En todo sistema de justicia constitucional concentrada, aunque la Constitución establezca, como debe, sus líneas maestras, la misma se ve en la necesidad de remitir a otras normas la concreción de determinados aspectos orgánicos y de procedimiento que hacen a la especificación última del modelo. Como es lógico, varía de un ordenamiento jurídico a otro "lo que no deja de tener algún significado" la proporción en que se encuentran aquella norma constitucional (más reglamentista unas veces, menos otras) y este otro derecho infraconstitucional que desarrolla sus previsiones. Y varía asimismo "sin que ello pueda considerarse tampoco indiferente" la especie de norma a cuyo favor la Constitución establece tan importante reserva.

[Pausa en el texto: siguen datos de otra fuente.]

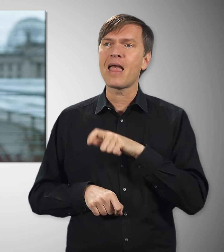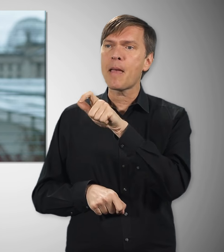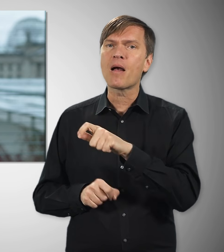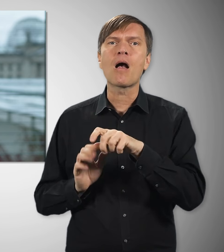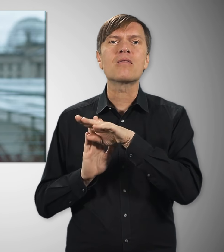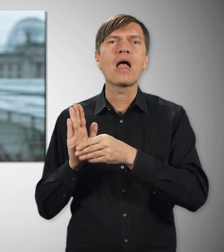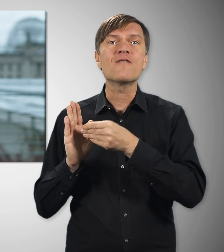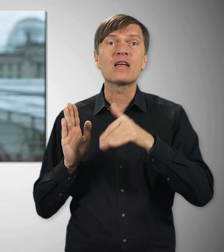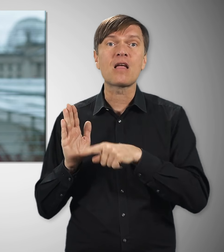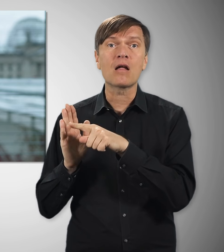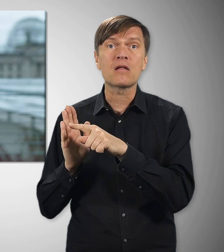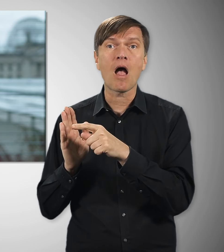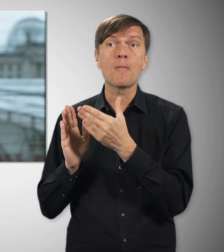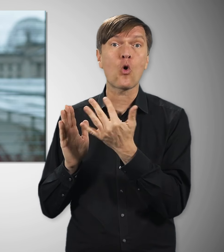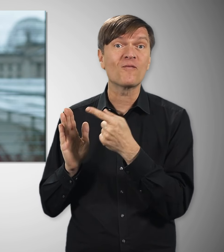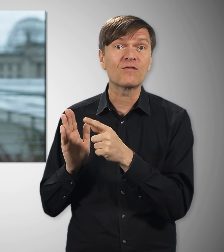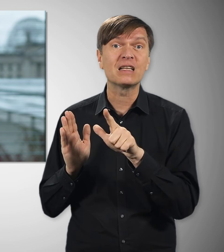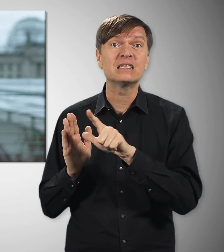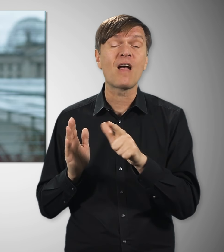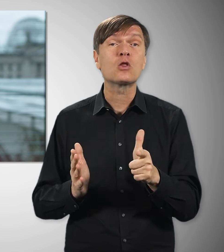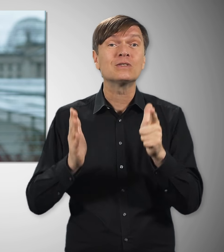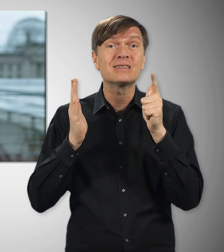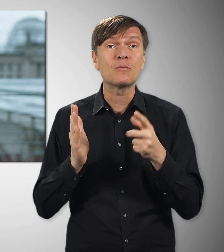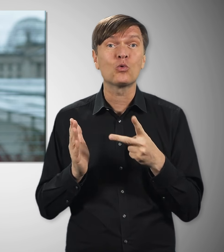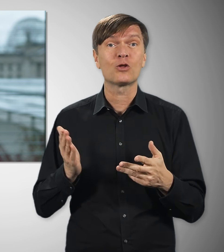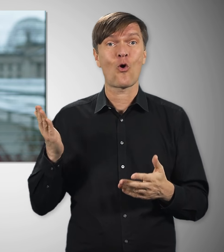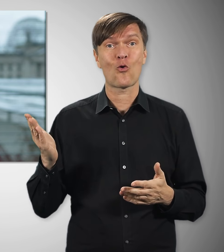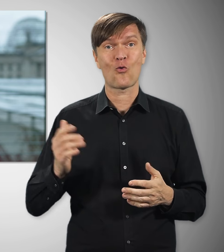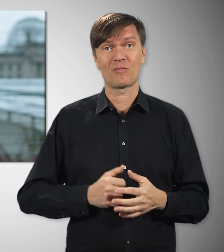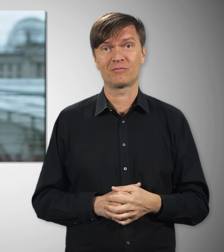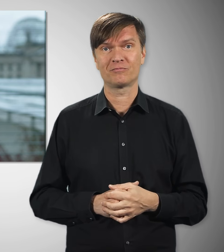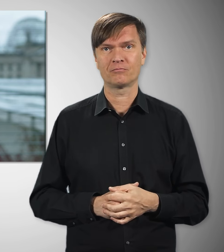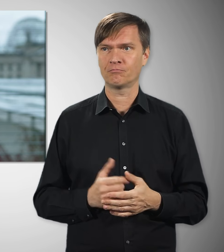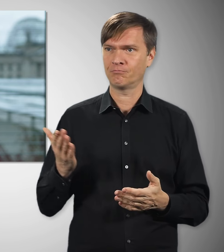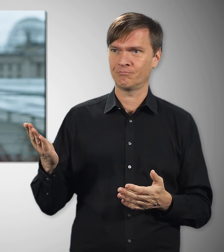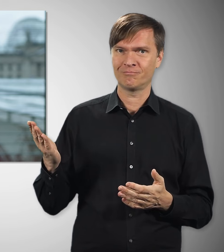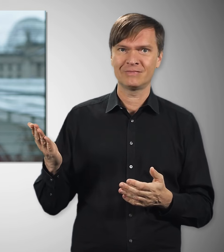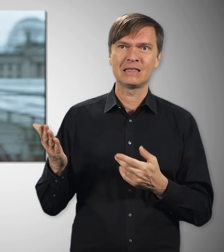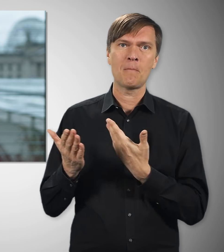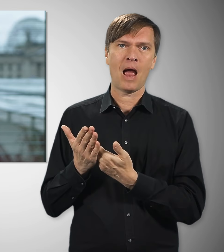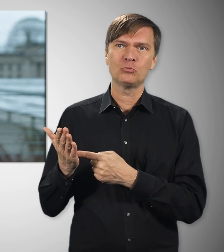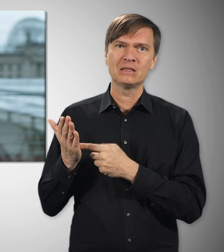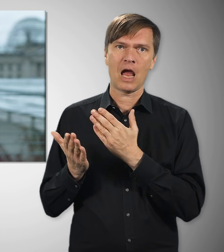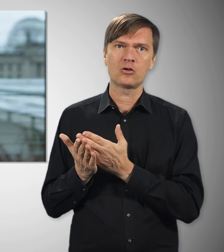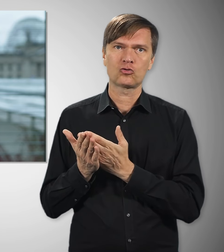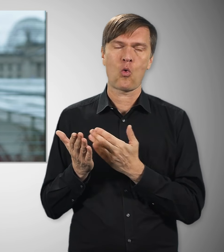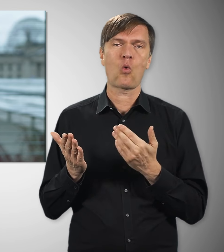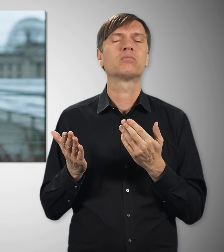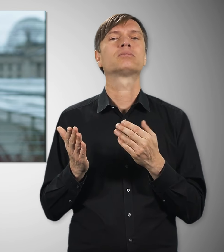die nach Tarifvertrag bezahlt werden, waren es sogar um die 2.700 Euro. Nicht nur dieses Beispiel zeigt übrigens,

Desde luego, en toda Constitución ese reenvío se hace siempre a la ley; y hay que decir que a la ley no sólo en cuanto rango, sino (dentro de éste y además) a la ley en cuanto forma, esto es, en cuanto producto normativo elaborado por el propio Parlamento, ya que, aparte ahora otras razones, no parecería lógico que una materia tan directamente relacionada con la validez o invalidez del Derecho Page 388 concretado en leyes quedara sustraída a su poder de normación. Sin embargo, ello admitido, de ahí no se deriva que la citada reserva tenga que ser hecha siempre a idéntico tipo de ley elaborada por las Cámaras. El panorama que en este punto nos ofrece hoy el Derecho comparado es algo más complejo, como enseguida tendremos ocasión de ver.

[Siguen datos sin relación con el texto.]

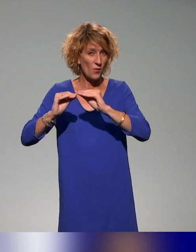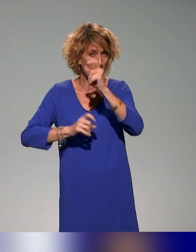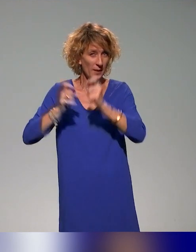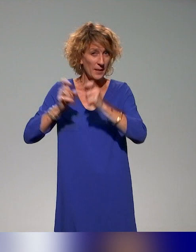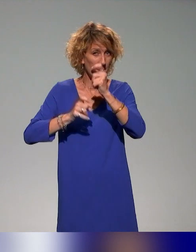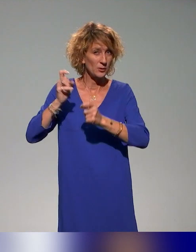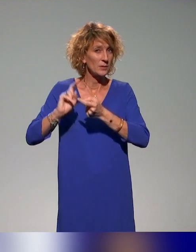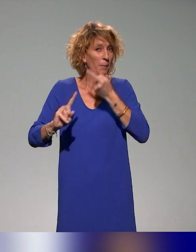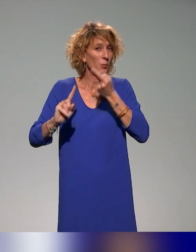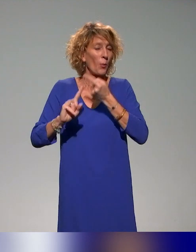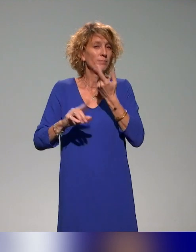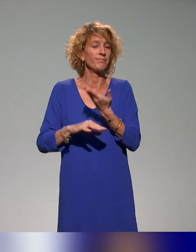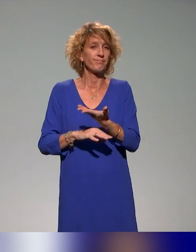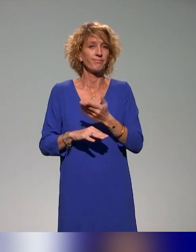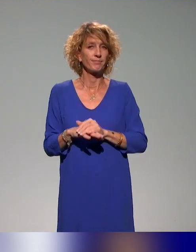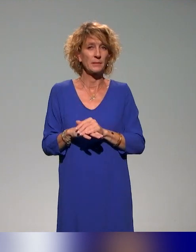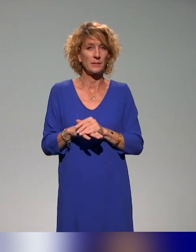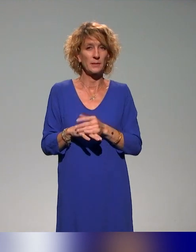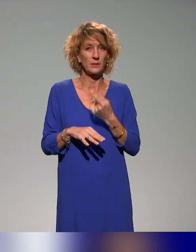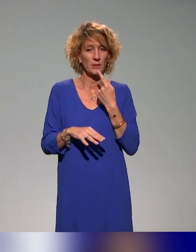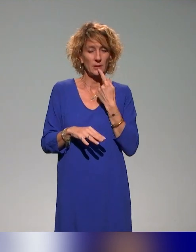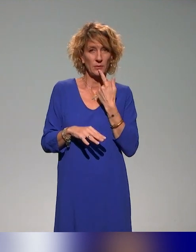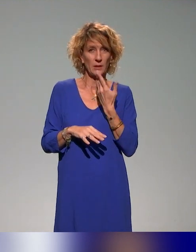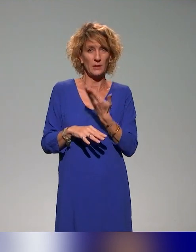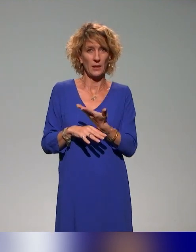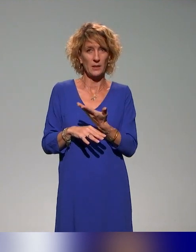l'enseignement. On est bien sur cette dimension qui revenait dans les présentations

Simplificando algo las cosas, podríamos decir que son tres las soluciones habitualmente barajadas por los ordenamientos jurídicos de nuestro entorno. O se considera que la ley ordinaria ofrece suficientes garantías para contener la normación de desarrollo del Tribunal Constitucional. O se modula y refuerza esa reserva haciéndola a un tipo de ley cualificada, distinta de la ordinaria. O se opta, en fin, por referirla "al menos, para algunos de sus contenidos" a leyes formalmente constitucionales, esto es, a leyes producidas en desarrollo de la norma constitucional, pero ellas mismas con rango de Constitución, solución ésta última que, aunque extremada, no habría por qué considerar insólita ya que, a fin de cuentas, estamos hablando de la regulación del único órgano que realiza la interpretación superior de la Ley Fundamental del Estado, y eso le sitúa en una peculiar relación con ella y con las demás estructuras ya constituidas.

La mayor parte de los ordenamientos constitucionales que prevén la existencia de un Tribunal Constitucional responden al primero de estos tres modelos. La ley ordinaria, elaborada por las Cámaras conforme al procedimiento común, es cobertura formal adecuada a la importancia de lo así reglado no sólo en Constituciones como la de la República Federal de Alemania (cuyo art. 94.2 remite a "una ley federal" la composición y el procedimiento del Tribunal) 1, sino también en aquellos textos en los que, como el de la Constitución austríaca de 1929, esa remisión se hace a una "ley federal especial" "... ein besonderes Bundesgesetz"), sin que quepa atribuir a este último adjetivo significado formal alguno, distinto de la mera recomendación de codificar dicha materia en un texto singular y específico 2.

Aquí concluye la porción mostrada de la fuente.